TO DO:
May I please have every record restated word for word, with the images left out?

INFORMATION PROVIDED:

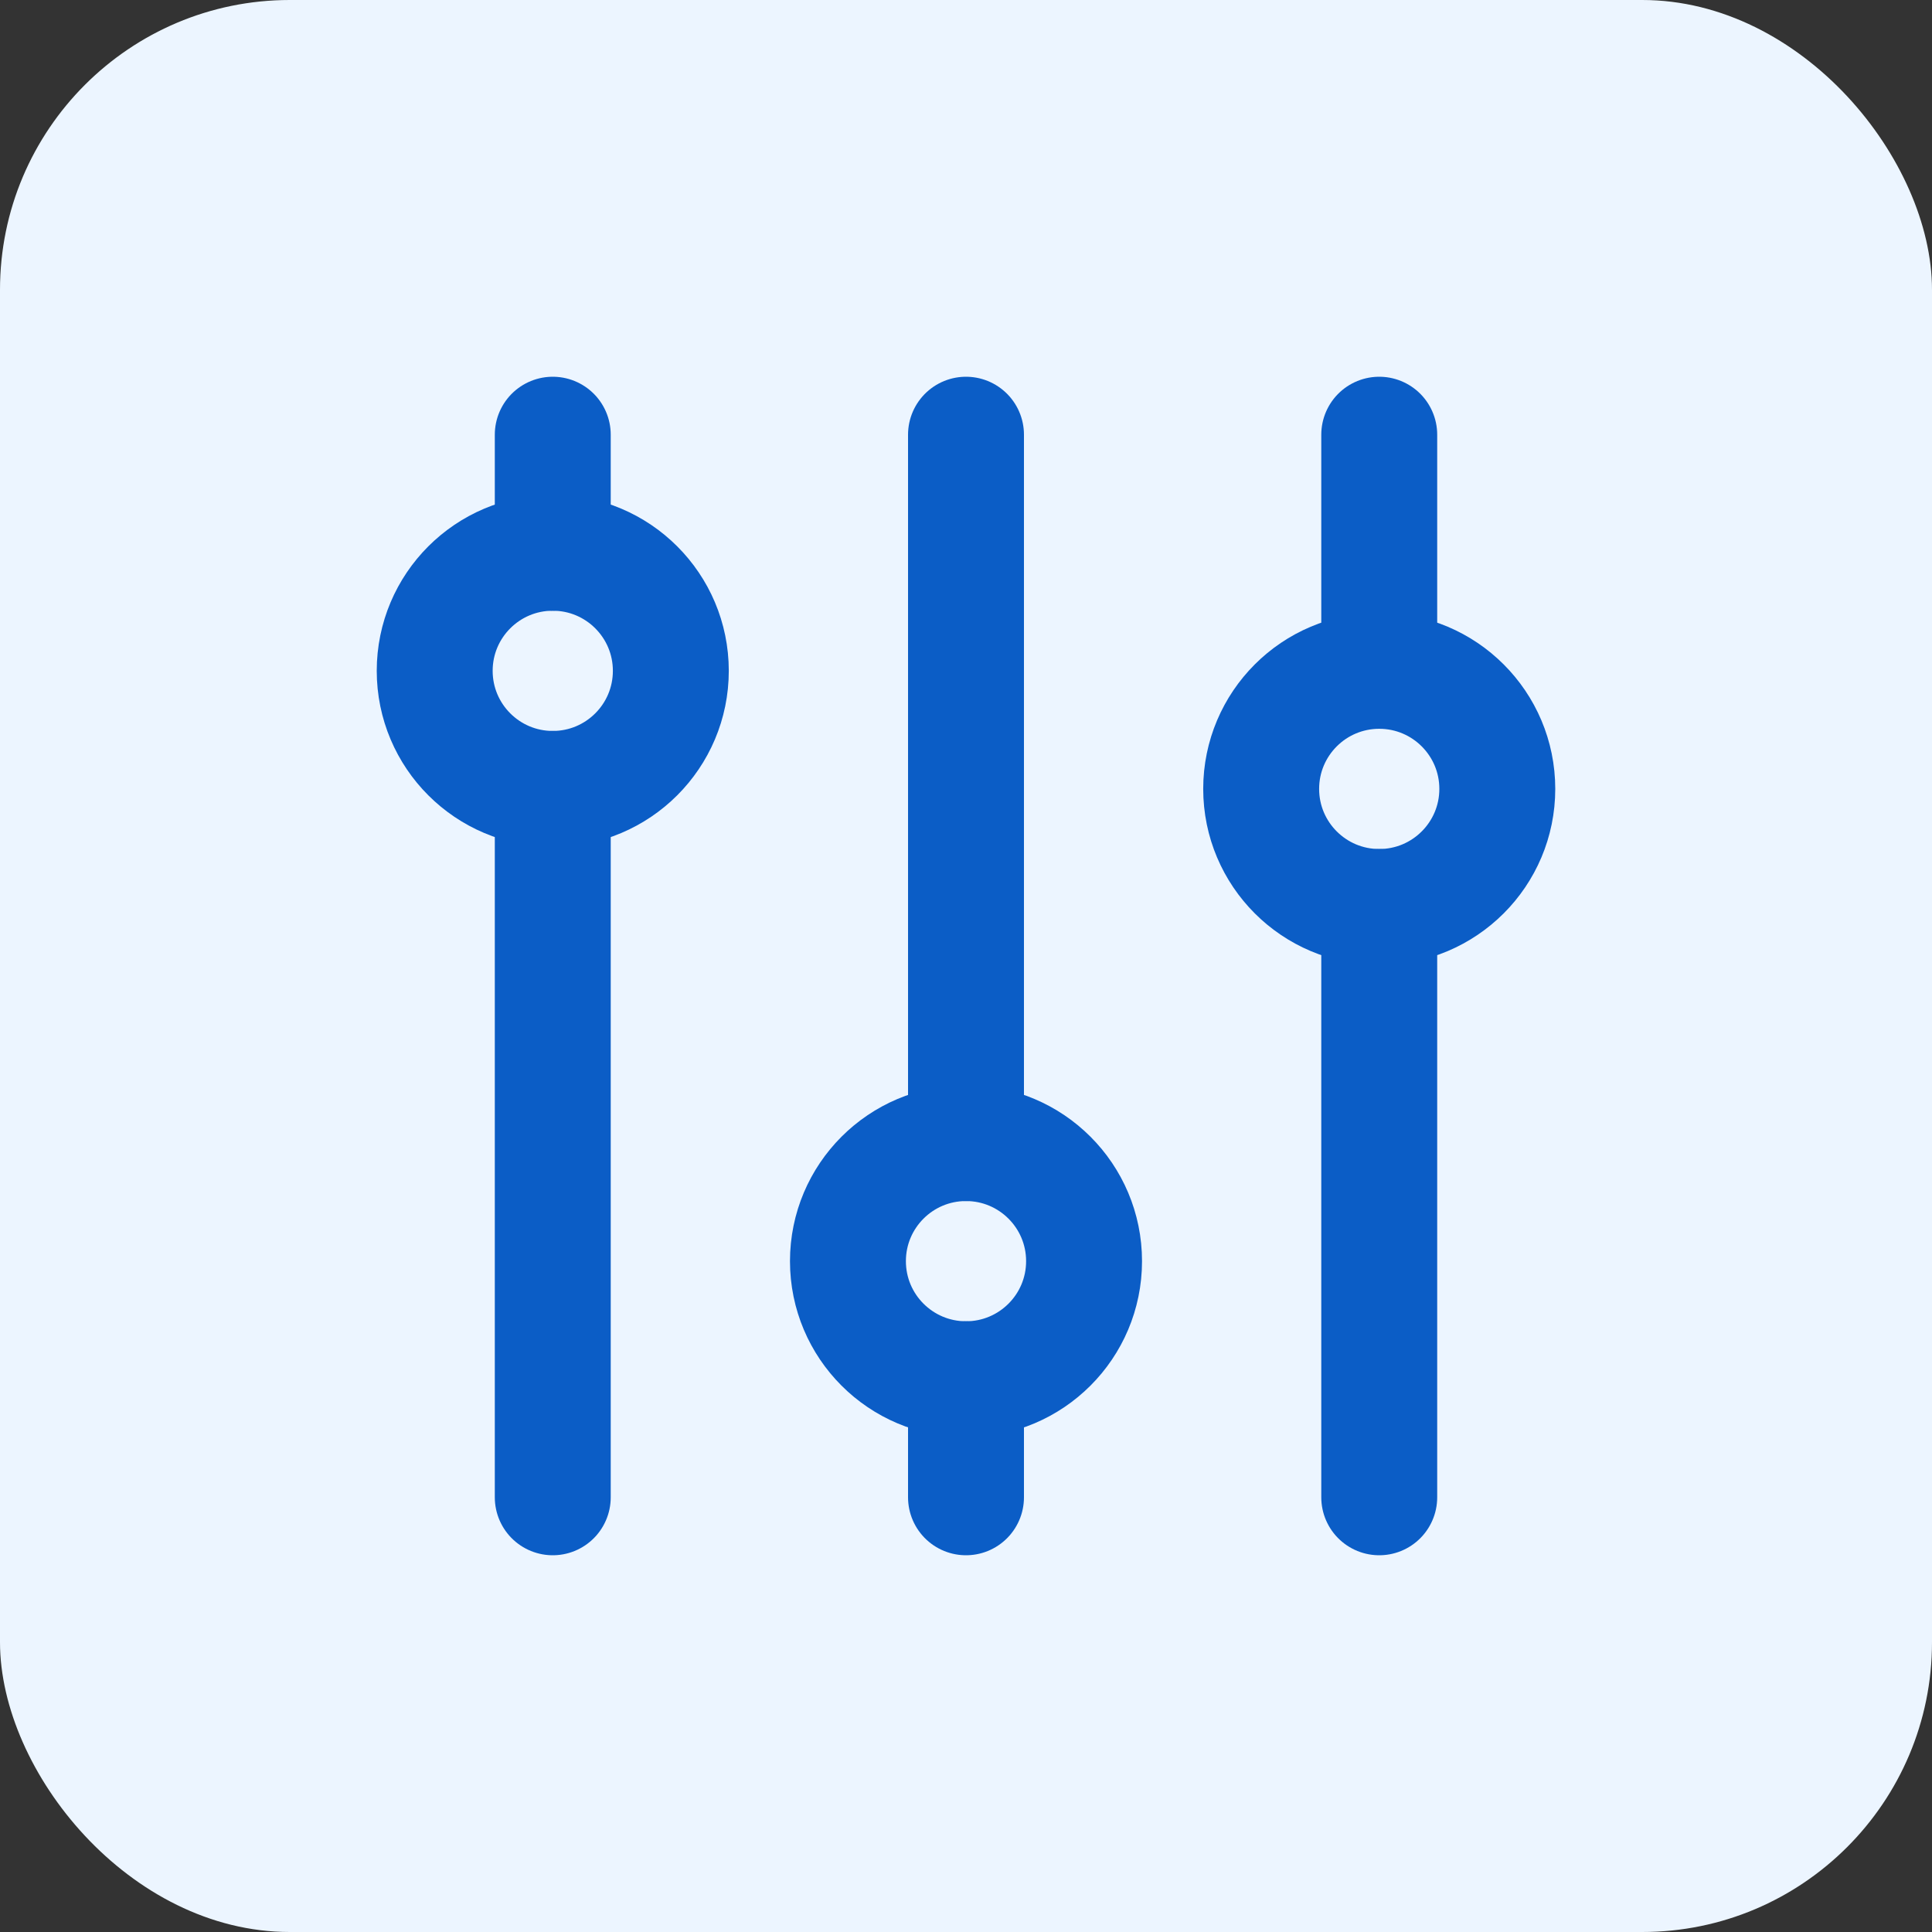<svg width="200" height="200" viewBox="0 0 200 200" fill="none" xmlns="http://www.w3.org/2000/svg">
<rect x="0" y="0" width="200" height="200" fill="#333333" stroke="none"/>
<rect width="200" height="200" rx="30" fill="#ECF5FF"/>
<path d="M142.778 45V69.444M142.778 155V93.889M100 45V118.333M100 155V142.778M57.222 45V57.222M57.222 155V81.667" stroke="#0B5DC6" stroke-width="12" stroke-linecap="round"/>
<path d="M130.556 81.667C130.556 88.417 136.028 93.889 142.778 93.889C149.528 93.889 155 88.417 155 81.667C155 74.916 149.528 69.445 142.778 69.445C136.028 69.445 130.556 74.916 130.556 81.667Z" stroke="#0B5DC6" stroke-width="12" stroke-linecap="round"/>
<path d="M87.778 130.555C87.778 137.306 93.25 142.778 100 142.778C106.75 142.778 112.222 137.306 112.222 130.555C112.222 123.805 106.75 118.333 100 118.333C93.25 118.333 87.778 123.805 87.778 130.555Z" stroke="#0B5DC6" stroke-width="12" stroke-linecap="round"/>
<path d="M45 69.444C45 76.195 50.472 81.667 57.222 81.667C63.972 81.667 69.444 76.195 69.444 69.444C69.444 62.694 63.972 57.222 57.222 57.222C50.472 57.222 45 62.694 45 69.444Z" stroke="#0B5DC6" stroke-width="12" stroke-linecap="round"/>
</svg>
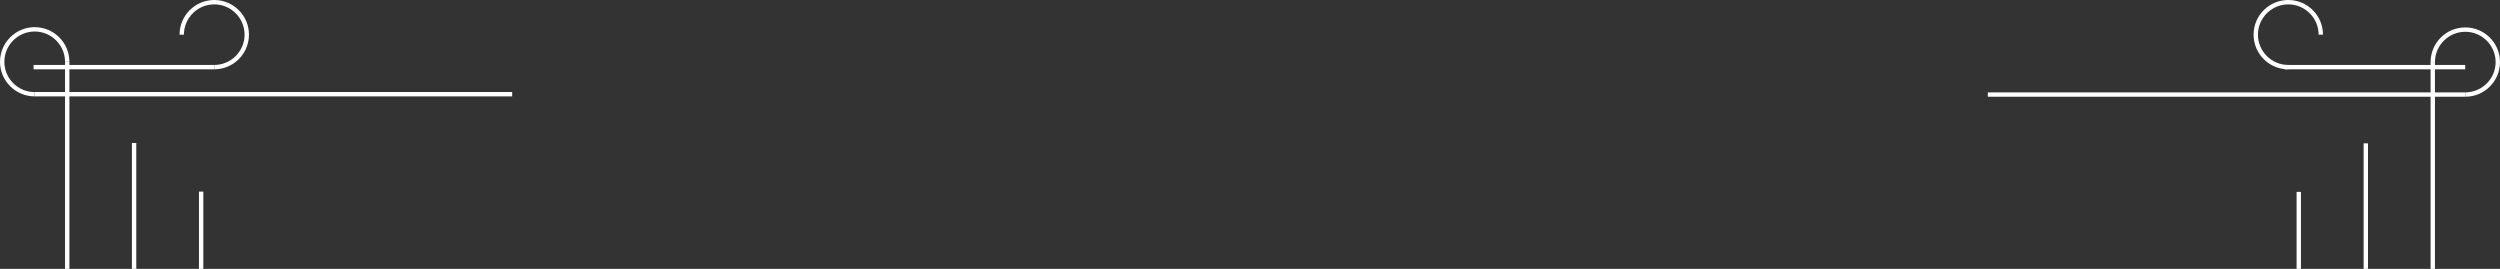 <?xml version="1.0" encoding="UTF-8"?> <svg xmlns="http://www.w3.org/2000/svg" width="781" height="84" viewBox="0 0 781 84" fill="none"><rect x="0" y="0" width="781" height="84" fill="#333333" stroke="none"/> <g clip-path="url(#clip0)"> <path d="M160 28.745H10.841V30.109H160V28.745Z" fill="white"></path> <path d="M21.683 19.309H20.317V84H21.683V19.309Z" fill="white"></path> <path d="M10.841 30.109C4.861 30.109 0 25.255 0 19.309C0 13.364 4.861 8.482 10.841 8.482C16.822 8.482 21.683 13.336 21.683 19.309H20.317C20.317 14.1 16.057 9.845 10.841 9.845C5.626 9.845 1.365 14.073 1.365 19.309C1.365 24.545 5.626 28.773 10.841 28.773V30.109Z" fill="white"></path> <path d="M42.574 44.673H41.208V84H42.574V44.673Z" fill="white"></path> <path d="M63.519 59.864H62.154V84H63.519V59.864Z" fill="white"></path> <path d="M66.933 20.291H10.486V21.654H66.933V20.291Z" fill="white"></path> <path d="M66.933 21.654V20.291C72.149 20.291 76.409 16.036 76.409 10.827C76.409 5.618 72.149 1.364 66.933 1.364C61.717 1.364 57.457 5.618 57.457 10.827H56.091C56.091 4.855 60.952 0 66.933 0C72.913 0 77.774 4.855 77.774 10.827C77.774 16.8 72.913 21.654 66.933 21.654Z" fill="white"></path> </g> <g clip-path="url(#clip1)"> <path d="M770.159 28.855H621V30.218H770.159V28.855Z" fill="white"></path> <path d="M760.683 19.391H759.317V84H760.683V19.391Z" fill="white"></path> <path d="M770.159 30.218V28.855C775.374 28.855 779.635 24.6 779.635 19.391C779.635 14.182 775.374 9.927 770.159 9.927C764.943 9.927 760.683 14.182 760.683 19.391H759.317C759.317 13.418 764.178 8.564 770.159 8.564C776.139 8.564 781 13.418 781 19.391C781 25.364 776.139 30.218 770.159 30.218Z" fill="white"></path> <path d="M739.764 44.782H738.399V84H739.764V44.782Z" fill="white"></path> <path d="M718.819 59.945H717.453V84H718.819V59.945Z" fill="white"></path> <path d="M770.131 20.291H713.685V21.654H770.131V20.291Z" fill="white"></path> <path d="M714.859 21.654C708.878 21.654 704.018 16.8 704.018 10.827C704.018 4.855 708.878 0 714.859 0C720.84 0 725.7 4.855 725.7 10.827H724.335C724.335 5.618 720.075 1.364 714.859 1.364C709.643 1.364 705.383 5.618 705.383 10.827C705.383 16.036 709.643 20.291 714.859 20.291V21.654Z" fill="white"></path> </g> <defs> <clipPath id="clip0"> <rect width="160" height="84" fill="white"></rect> </clipPath> <clipPath id="clip1"> <rect width="160" height="84" fill="white" transform="translate(621)"></rect> </clipPath> </defs> </svg>

TASK RESULT:
<svg width="200" height="200" viewBox="0 0 200 200" fill="none" xmlns="http://www.w3.org/2000/svg">
<rect x="0" y="0" width="200" height="200" fill="#333333" stroke="none"/>
<rect width="200" height="200" rx="30" fill="#ECF5FF"/>
<path d="M142.778 45V69.444M142.778 155V93.889M100 45V118.333M100 155V142.778M57.222 45V57.222M57.222 155V81.667" stroke="#0B5DC6" stroke-width="12" stroke-linecap="round"/>
<path d="M130.556 81.667C130.556 88.417 136.028 93.889 142.778 93.889C149.528 93.889 155 88.417 155 81.667C155 74.916 149.528 69.445 142.778 69.445C136.028 69.445 130.556 74.916 130.556 81.667Z" stroke="#0B5DC6" stroke-width="12" stroke-linecap="round"/>
<path d="M87.778 130.555C87.778 137.306 93.25 142.778 100 142.778C106.75 142.778 112.222 137.306 112.222 130.555C112.222 123.805 106.75 118.333 100 118.333C93.25 118.333 87.778 123.805 87.778 130.555Z" stroke="#0B5DC6" stroke-width="12" stroke-linecap="round"/>
<path d="M45 69.444C45 76.195 50.472 81.667 57.222 81.667C63.972 81.667 69.444 76.195 69.444 69.444C69.444 62.694 63.972 57.222 57.222 57.222C50.472 57.222 45 62.694 45 69.444Z" stroke="#0B5DC6" stroke-width="12" stroke-linecap="round"/>
</svg>
 <?xml version="1.0" encoding="UTF-8"?> <svg xmlns="http://www.w3.org/2000/svg" width="781" height="84" viewBox="0 0 781 84" fill="none"><rect x="0" y="0" width="781" height="84" fill="#333333" stroke="none"/> <g clip-path="url(#clip0)"> <path d="M160 28.745H10.841V30.109H160V28.745Z" fill="white"></path> <path d="M21.683 19.309H20.317V84H21.683V19.309Z" fill="white"></path> <path d="M10.841 30.109C4.861 30.109 0 25.255 0 19.309C0 13.364 4.861 8.482 10.841 8.482C16.822 8.482 21.683 13.336 21.683 19.309H20.317C20.317 14.1 16.057 9.845 10.841 9.845C5.626 9.845 1.365 14.073 1.365 19.309C1.365 24.545 5.626 28.773 10.841 28.773V30.109Z" fill="white"></path> <path d="M42.574 44.673H41.208V84H42.574V44.673Z" fill="white"></path> <path d="M63.519 59.864H62.154V84H63.519V59.864Z" fill="white"></path> <path d="M66.933 20.291H10.486V21.654H66.933V20.291Z" fill="white"></path> <path d="M66.933 21.654V20.291C72.149 20.291 76.409 16.036 76.409 10.827C76.409 5.618 72.149 1.364 66.933 1.364C61.717 1.364 57.457 5.618 57.457 10.827H56.091C56.091 4.855 60.952 0 66.933 0C72.913 0 77.774 4.855 77.774 10.827C77.774 16.8 72.913 21.654 66.933 21.654Z" fill="white"></path> </g> <g clip-path="url(#clip1)"> <path d="M770.159 28.855H621V30.218H770.159V28.855Z" fill="white"></path> <path d="M760.683 19.391H759.317V84H760.683V19.391Z" fill="white"></path> <path d="M770.159 30.218V28.855C775.374 28.855 779.635 24.6 779.635 19.391C779.635 14.182 775.374 9.927 770.159 9.927C764.943 9.927 760.683 14.182 760.683 19.391H759.317C759.317 13.418 764.178 8.564 770.159 8.564C776.139 8.564 781 13.418 781 19.391C781 25.364 776.139 30.218 770.159 30.218Z" fill="white"></path> <path d="M739.764 44.782H738.399V84H739.764V44.782Z" fill="white"></path> <path d="M718.819 59.945H717.453V84H718.819V59.945Z" fill="white"></path> <path d="M770.131 20.291H713.685V21.654H770.131V20.291Z" fill="white"></path> <path d="M714.859 21.654C708.878 21.654 704.018 16.8 704.018 10.827C704.018 4.855 708.878 0 714.859 0C720.84 0 725.7 4.855 725.7 10.827H724.335C724.335 5.618 720.075 1.364 714.859 1.364C709.643 1.364 705.383 5.618 705.383 10.827C705.383 16.036 709.643 20.291 714.859 20.291V21.654Z" fill="white"></path> </g> <defs> <clipPath id="clip0"> <rect width="160" height="84" fill="white"></rect> </clipPath> <clipPath id="clip1"> <rect width="160" height="84" fill="white" transform="translate(621)"></rect> </clipPath> </defs> </svg>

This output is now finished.